• **Task description**
Keep the pictures out of the copy and repeat the records exactly.

Collected data
★ ★ ★ ★ ★ ★ ★
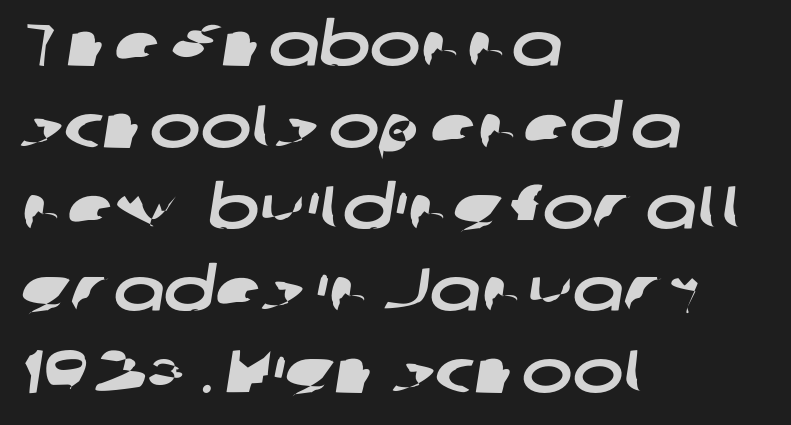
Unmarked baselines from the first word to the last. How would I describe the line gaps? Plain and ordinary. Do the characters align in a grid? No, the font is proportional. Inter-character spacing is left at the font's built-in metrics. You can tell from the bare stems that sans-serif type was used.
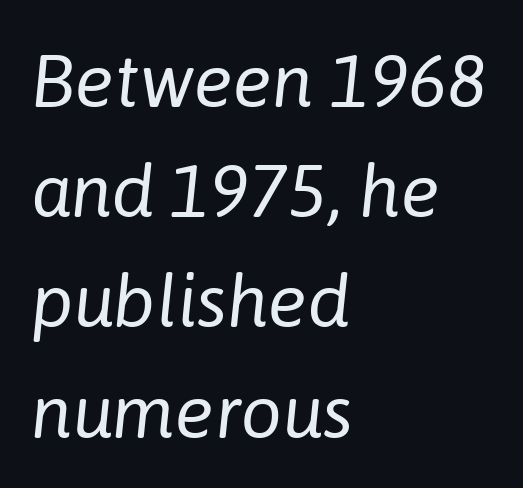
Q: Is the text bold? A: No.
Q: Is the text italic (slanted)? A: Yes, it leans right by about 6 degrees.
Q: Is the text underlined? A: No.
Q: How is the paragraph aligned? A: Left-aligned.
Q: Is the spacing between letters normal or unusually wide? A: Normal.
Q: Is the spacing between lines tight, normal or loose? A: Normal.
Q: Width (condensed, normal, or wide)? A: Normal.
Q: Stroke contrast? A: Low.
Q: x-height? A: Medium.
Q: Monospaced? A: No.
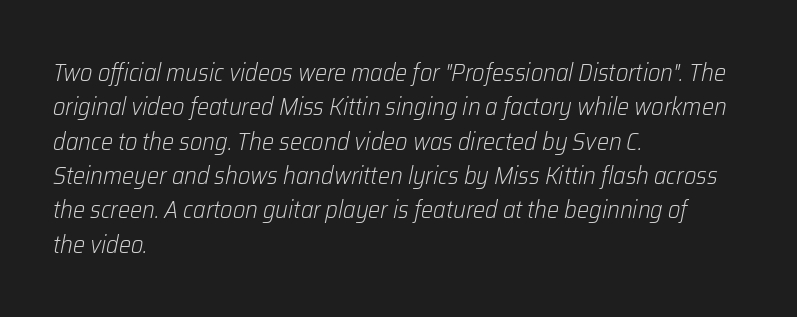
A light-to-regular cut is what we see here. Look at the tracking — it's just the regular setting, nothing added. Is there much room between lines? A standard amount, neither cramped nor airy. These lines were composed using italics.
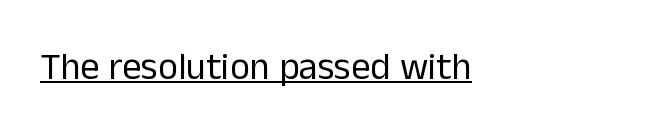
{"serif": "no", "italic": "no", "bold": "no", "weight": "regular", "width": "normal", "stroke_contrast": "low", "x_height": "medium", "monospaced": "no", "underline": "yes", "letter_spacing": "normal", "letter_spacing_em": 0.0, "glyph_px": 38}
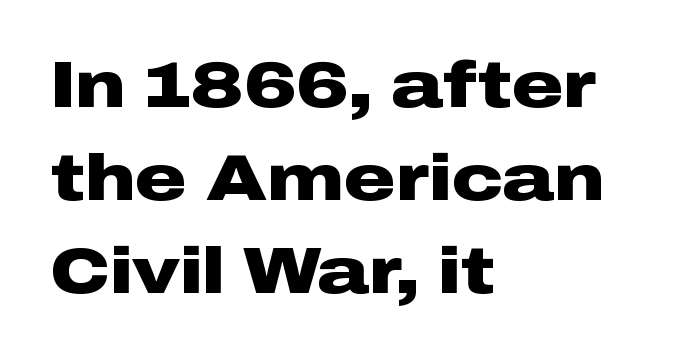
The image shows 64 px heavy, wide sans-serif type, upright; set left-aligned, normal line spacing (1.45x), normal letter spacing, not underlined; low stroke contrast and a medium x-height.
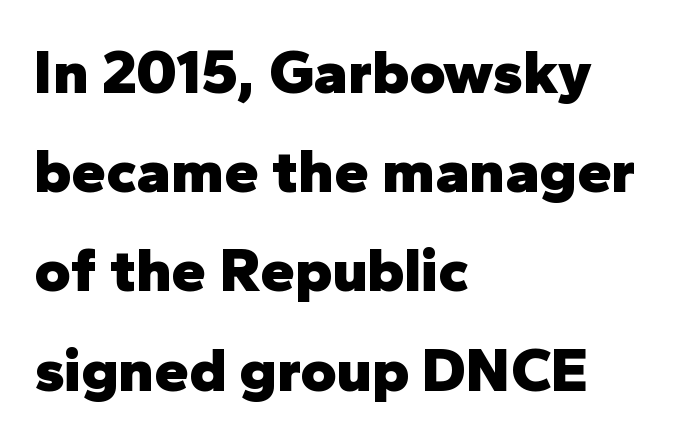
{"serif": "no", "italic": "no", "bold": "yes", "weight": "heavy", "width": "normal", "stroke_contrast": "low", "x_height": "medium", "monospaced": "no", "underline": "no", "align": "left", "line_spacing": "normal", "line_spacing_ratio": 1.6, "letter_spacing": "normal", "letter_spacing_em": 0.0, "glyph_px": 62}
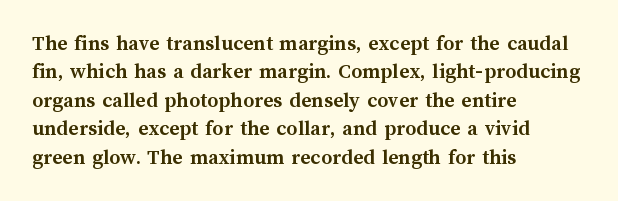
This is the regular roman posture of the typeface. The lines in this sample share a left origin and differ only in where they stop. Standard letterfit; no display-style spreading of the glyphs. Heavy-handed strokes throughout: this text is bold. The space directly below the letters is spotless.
★ ★ ★ ★ ★ ★ ★
• **Output for this exercise**
Unmarked baselines from the first word to the last. How would I describe the line gaps? Plain and ordinary. Do the characters align in a grid? No, the font is proportional. Inter-character spacing is left at the font's built-in metrics. You can tell from the bare stems that sans-serif type was used.
Q: Is the text bold? A: No.
Q: Is the text italic (slanted)? A: Yes, it leans right by about 6 degrees.
Q: Is the text underlined? A: No.
Q: How is the paragraph aligned? A: Left-aligned.
Q: Is the spacing between letters normal or unusually wide? A: Normal.
Q: Is the spacing between lines tight, normal or loose? A: Normal.
Q: Width (condensed, normal, or wide)? A: Normal.
Q: Stroke contrast? A: Low.
Q: x-height? A: Medium.
Q: Monospaced? A: No.
A light-to-regular cut is what we see here. Look at the tracking — it's just the regular setting, nothing added. Is there much room between lines? A standard amount, neither cramped nor airy. These lines were composed using italics.
{"serif": "no", "italic": "no", "bold": "no", "weight": "regular", "width": "normal", "stroke_contrast": "low", "x_height": "medium", "monospaced": "no", "underline": "yes", "letter_spacing": "normal", "letter_spacing_em": 0.0, "glyph_px": 38}
The image shows 64 px heavy, wide sans-serif type, upright; set left-aligned, normal line spacing (1.45x), normal letter spacing, not underlined; low stroke contrast and a medium x-height.
{"serif": "no", "italic": "no", "bold": "yes", "weight": "heavy", "width": "normal", "stroke_contrast": "low", "x_height": "medium", "monospaced": "no", "underline": "no", "align": "left", "line_spacing": "normal", "line_spacing_ratio": 1.6, "letter_spacing": "normal", "letter_spacing_em": 0.0, "glyph_px": 62}
This is the regular roman posture of the typeface. The lines in this sample share a left origin and differ only in where they stop. Standard letterfit; no display-style spreading of the glyphs. Heavy-handed strokes throughout: this text is bold. The space directly below the letters is spotless.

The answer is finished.